Ce topic est en partie lié au précédent. Dans une culture d'entreprise où on favorise la carrière personnelle, où on reçoit un variable lié à ses propres résultats, ... on aura des managers très individualistes qui prendront tout très personnellement, car cela va impacter leur résultat, et leur récompense.
Quand en fin d'année, j'ai l'espoir de recevoir 50k€ en variable, c'est une somme qui fait réfléchir, et sur laquelle la plupart des gens auront du mal à s'asseoir dessus au nom de l'intérêt commun.
Quand la prime est de l'ordre de quelques centaines d'euro, je suis plus à même à m'en désintéresser.

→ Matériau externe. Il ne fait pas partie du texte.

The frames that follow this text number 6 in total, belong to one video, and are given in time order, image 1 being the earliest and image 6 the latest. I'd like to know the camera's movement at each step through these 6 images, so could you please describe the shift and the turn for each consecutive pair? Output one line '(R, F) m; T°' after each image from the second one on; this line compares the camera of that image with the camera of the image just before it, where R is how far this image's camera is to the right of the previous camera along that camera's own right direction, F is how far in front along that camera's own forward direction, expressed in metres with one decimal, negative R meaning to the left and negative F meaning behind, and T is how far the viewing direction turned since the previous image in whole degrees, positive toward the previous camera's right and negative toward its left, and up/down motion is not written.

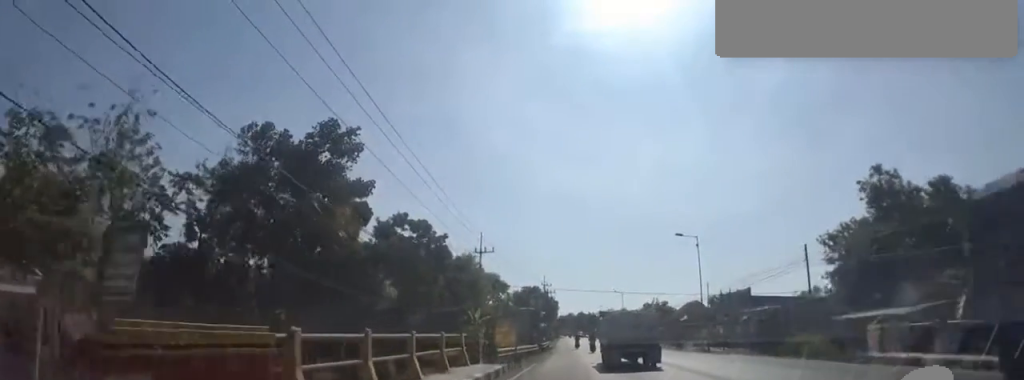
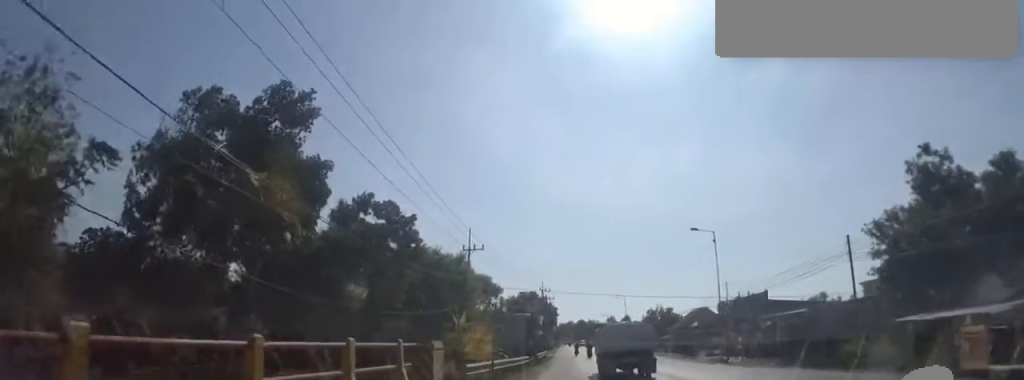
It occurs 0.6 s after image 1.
(0.0, +5.0) m; 0°
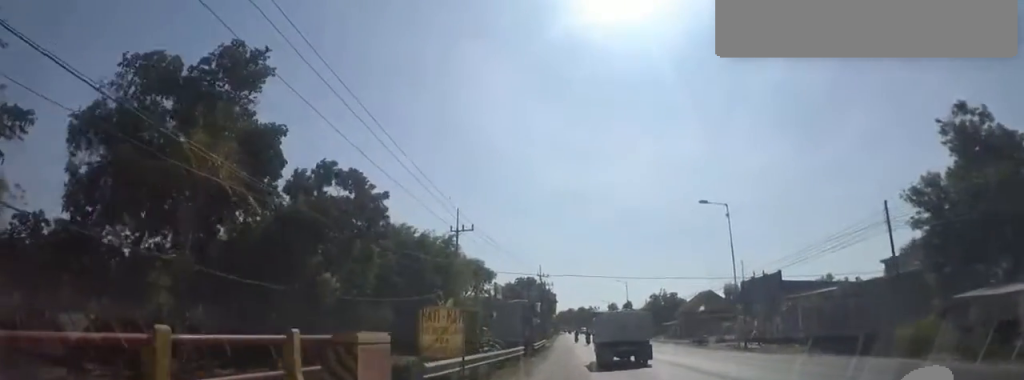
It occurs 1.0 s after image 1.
(0.0, +3.5) m; 0°
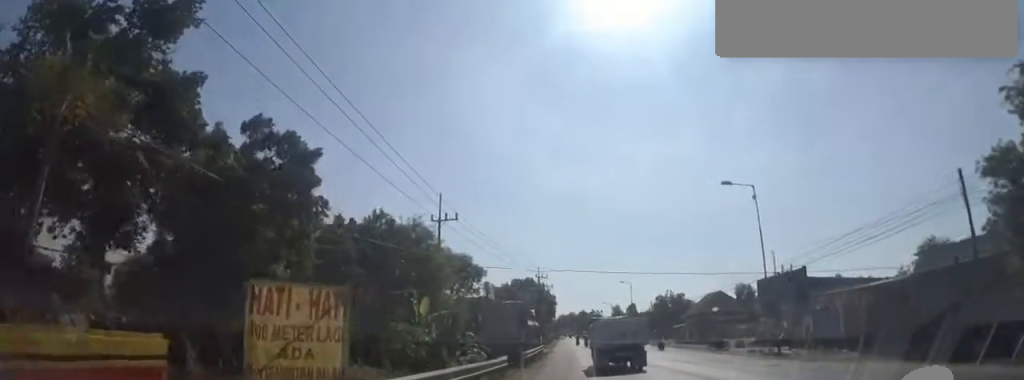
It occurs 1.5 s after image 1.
(0.0, +5.1) m; 0°
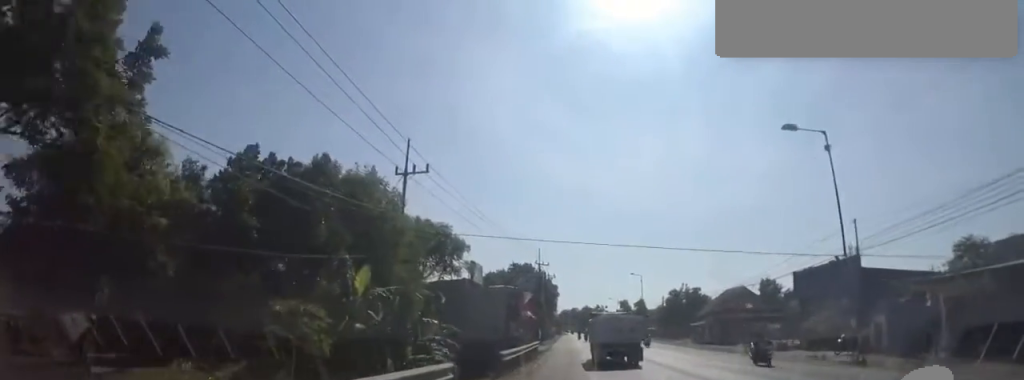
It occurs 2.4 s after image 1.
(0.0, +7.7) m; 0°
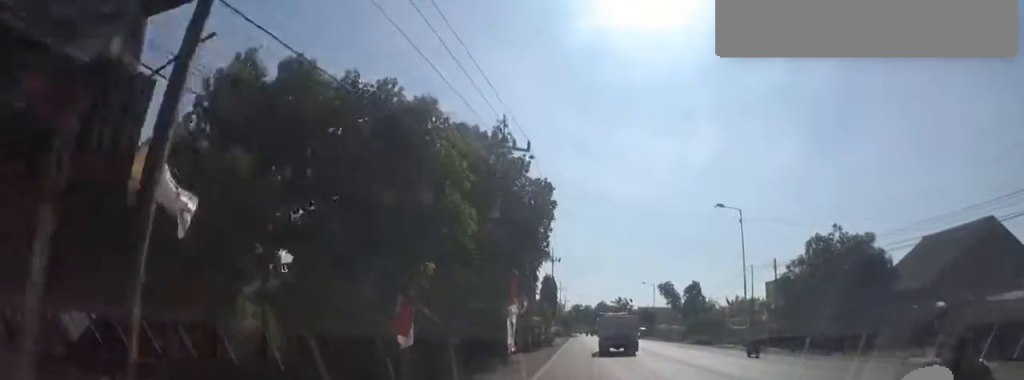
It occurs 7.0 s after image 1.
(-0.2, +38.9) m; +1°

Cela ne change pas grand chose à mon niveau de vie. 

On aura alors des discours, sur les impacts que l'erreur a sur la société, qui en fait, sont juste des masques autour de la crainte de ne pas toucher son variable, ou d'avoir des conséquences sur sa personne (carrière, ....).

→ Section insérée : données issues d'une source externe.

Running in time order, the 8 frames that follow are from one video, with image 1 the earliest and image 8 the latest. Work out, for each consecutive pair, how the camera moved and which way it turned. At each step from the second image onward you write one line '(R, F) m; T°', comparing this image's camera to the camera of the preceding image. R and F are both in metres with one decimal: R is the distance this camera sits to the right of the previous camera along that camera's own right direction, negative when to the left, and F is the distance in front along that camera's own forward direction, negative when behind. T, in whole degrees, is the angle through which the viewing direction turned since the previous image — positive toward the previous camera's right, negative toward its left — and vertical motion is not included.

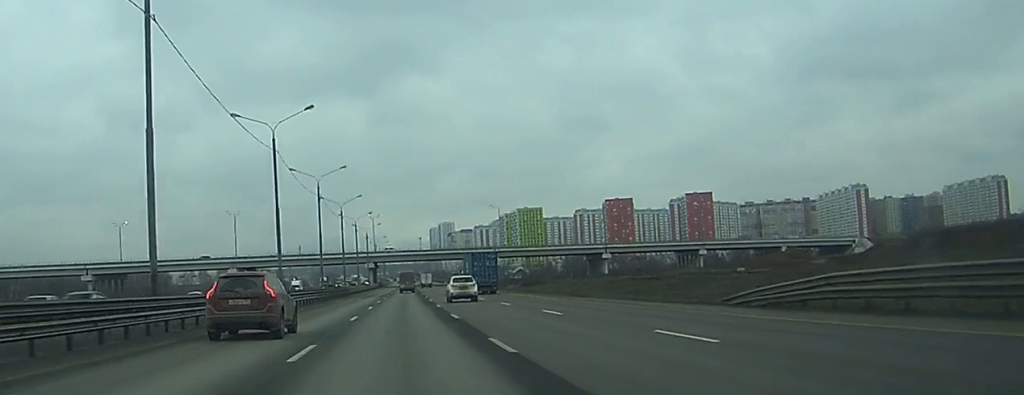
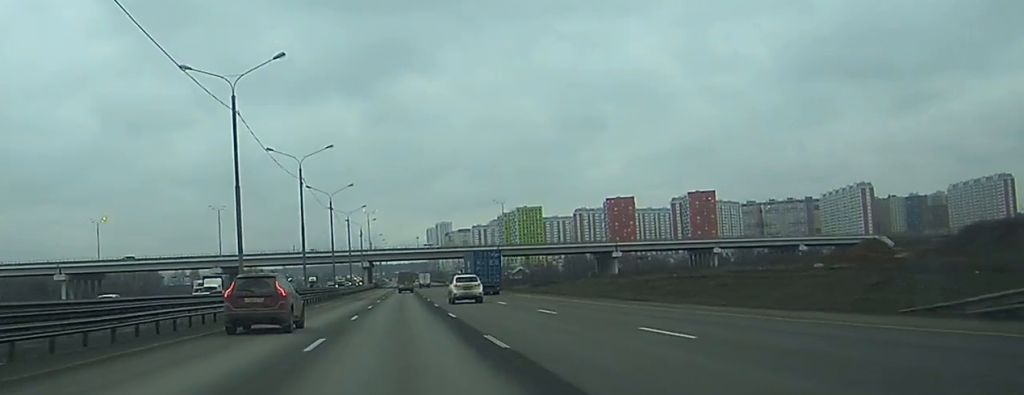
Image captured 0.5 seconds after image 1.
(+0.1, +14.7) m; 0°
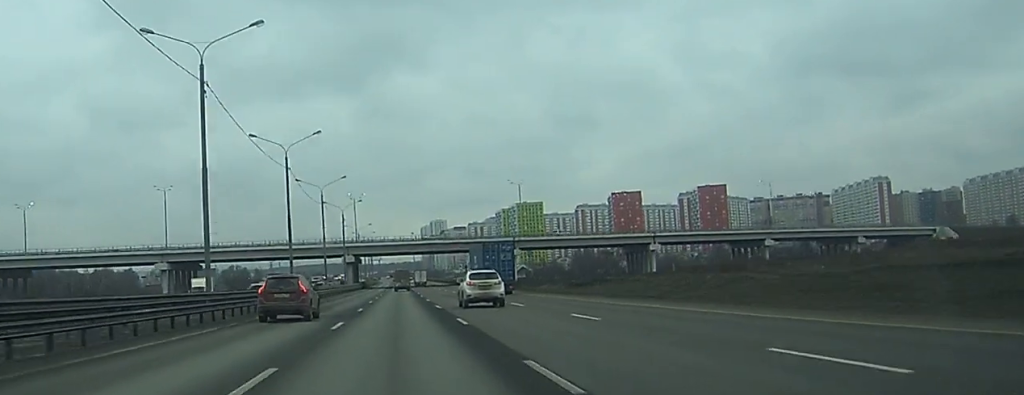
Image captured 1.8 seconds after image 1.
(+0.2, +39.3) m; 0°
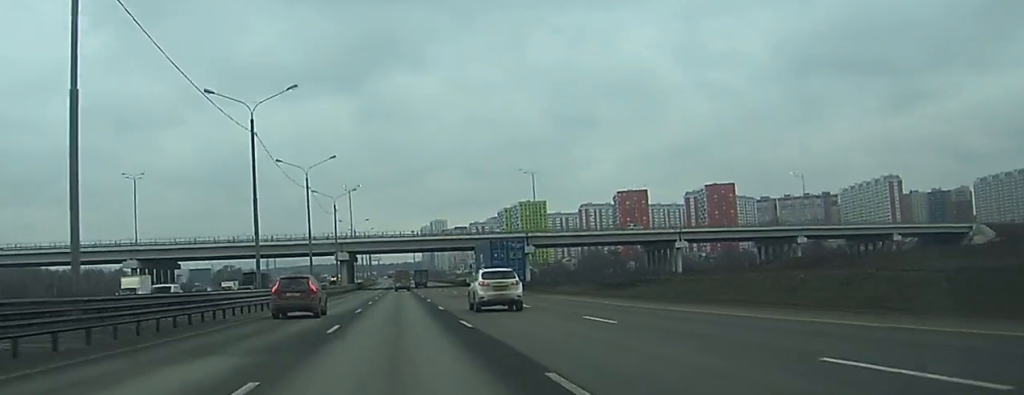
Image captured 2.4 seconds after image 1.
(0.0, +17.7) m; 0°
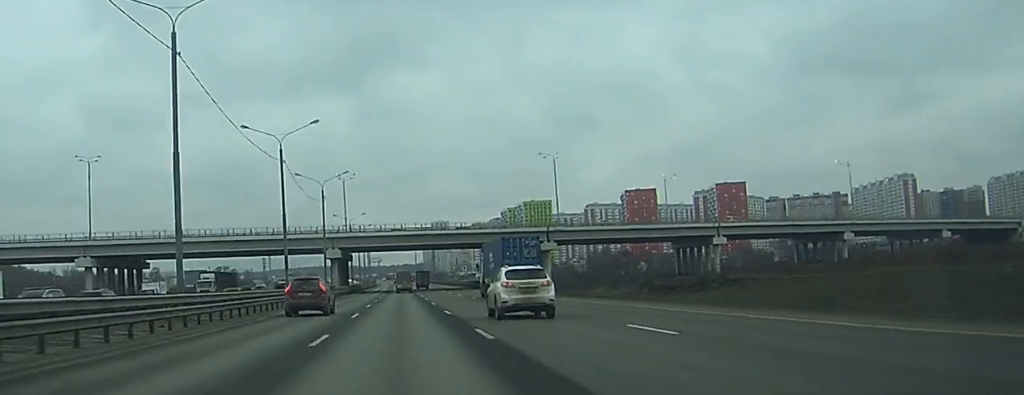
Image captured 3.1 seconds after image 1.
(0.0, +20.7) m; 0°
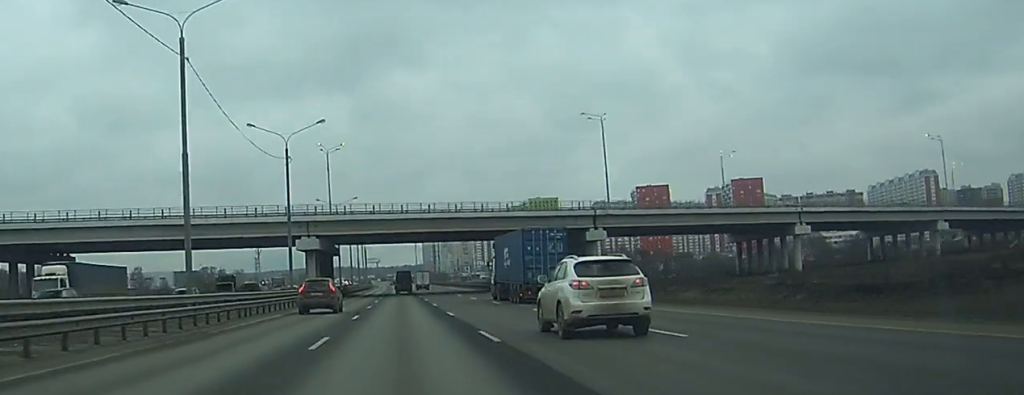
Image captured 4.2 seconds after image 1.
(0.0, +32.7) m; 0°
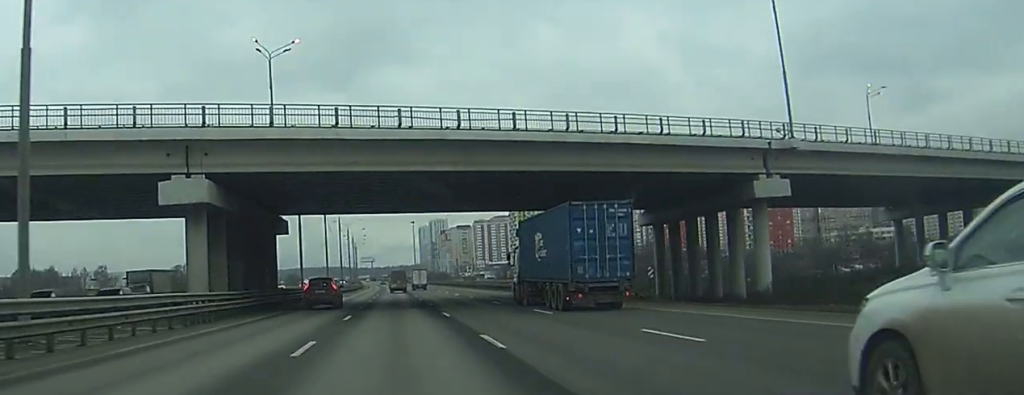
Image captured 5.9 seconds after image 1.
(+0.2, +49.8) m; 0°
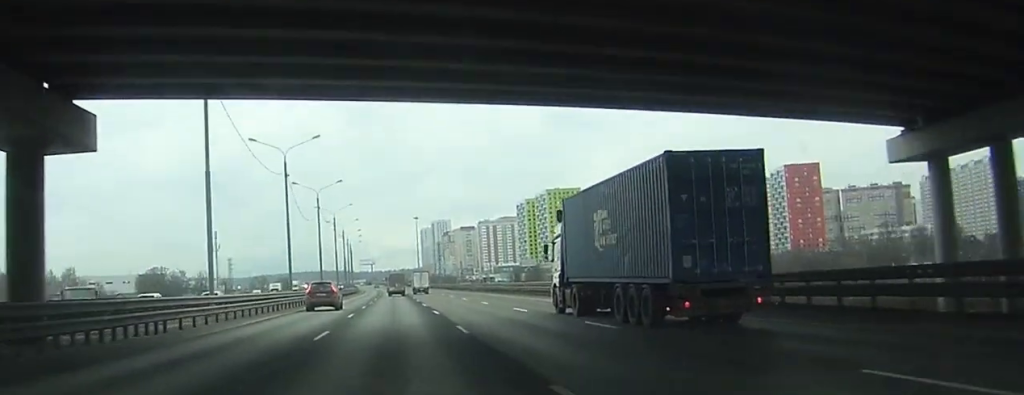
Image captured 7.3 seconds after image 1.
(-0.1, +42.2) m; 0°

Avant que le manager puisse devenir leader, et mettre en place une libération du collectif, pour plus de coopération, et de développement de son effectif, le manager doit devenir désintéressé de son intérêt personnel. 
Il ne s'agit pas de ne plus être impliqué dans la vie de sa structure, mais de changer son implication.
Il ne s'agit plus de rechercher son propre avancement, son propre développement, sa propre récompense extrinsèque, mais de s'accomplir dans un but collectif, où voir les autres grandir est une récompense du quotidien. 

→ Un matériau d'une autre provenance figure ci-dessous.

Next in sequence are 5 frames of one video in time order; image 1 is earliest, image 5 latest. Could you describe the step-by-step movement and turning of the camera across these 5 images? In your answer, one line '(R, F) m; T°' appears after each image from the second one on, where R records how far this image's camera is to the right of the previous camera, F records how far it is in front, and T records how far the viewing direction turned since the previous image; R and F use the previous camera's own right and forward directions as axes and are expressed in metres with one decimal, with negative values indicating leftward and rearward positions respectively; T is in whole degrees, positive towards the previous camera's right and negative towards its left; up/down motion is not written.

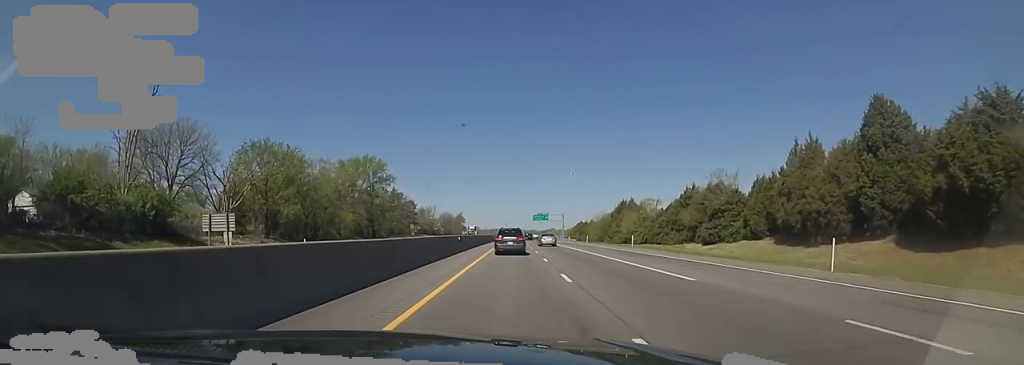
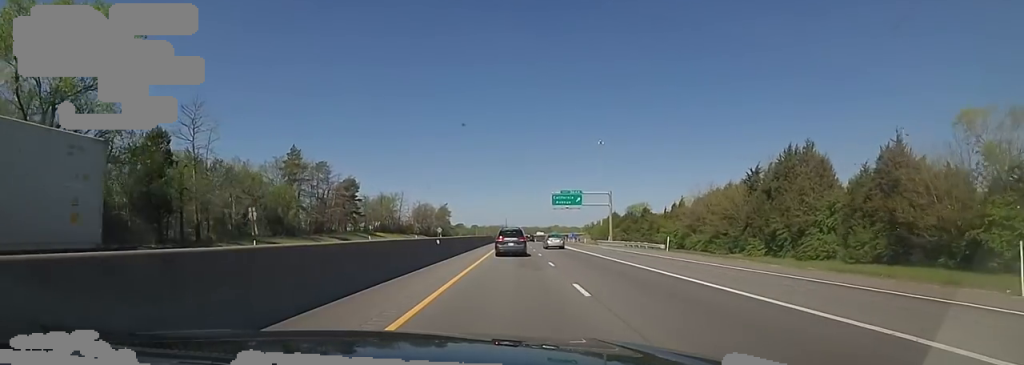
(+3.1, +70.9) m; +3°
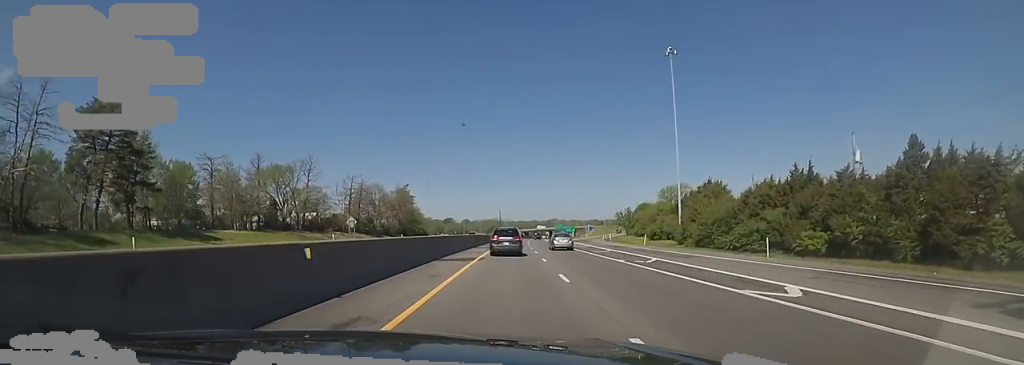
(-3.9, +74.4) m; -3°
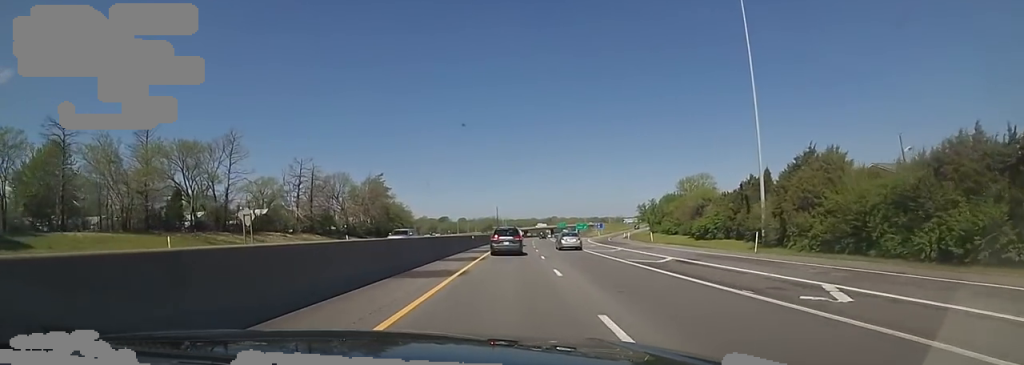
(0.0, +27.3) m; +1°
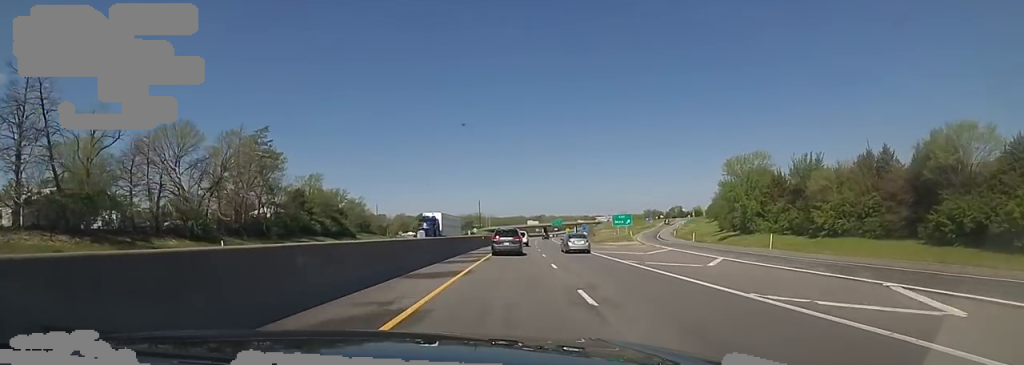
(+1.6, +54.9) m; +2°

Bienveillance envers soi même


Enfin un sujet important, et quelque soit la culture de l'erreur qui vous entoure, il y a un sujet autour du soi.
Il faut savoir s'accorder de la bienveillance (être bon envers soi même). Même si autour de vous, les gens ne le pensent pas, il faut s'accorder à soi son propre droit à l'erreur.
Autant la question peut sembler légitime autour de soi, dans son entreprise, est ce qu'on a vraiment le droit de se tromper, je ne suis pas payé pour me tromper... etcetc.
Autant en se concernant, dans sa propre bulle, dans son propre univers, il faut souffrir d'honnêteté.
En étant honnête avec moi même, je sais que la perfection n'existe pas (c'est peut être une croyance que certains auront du mal à imaginer). Il y a toujours un moment où j'apprends (de mes erreurs), et je suis amené à faire des erreurs pour toutes les raisons qu'on s'est dite auparavant.
Je le sais ... Je l'accepte ... je ne me sens pas coupable de m'être trompé. Je peux me sentir coupable, si je n'ai pas fait de mon mieux (paresse, manque de motivation, ...) et encore, c'est un sentiment que je préfère éloigner.

Si chacun s'accordait cette bienveillance, peut être que cela serait déjà un bon point de départ, pour accorder cette même bienveillance envers ceux qui nous entourent?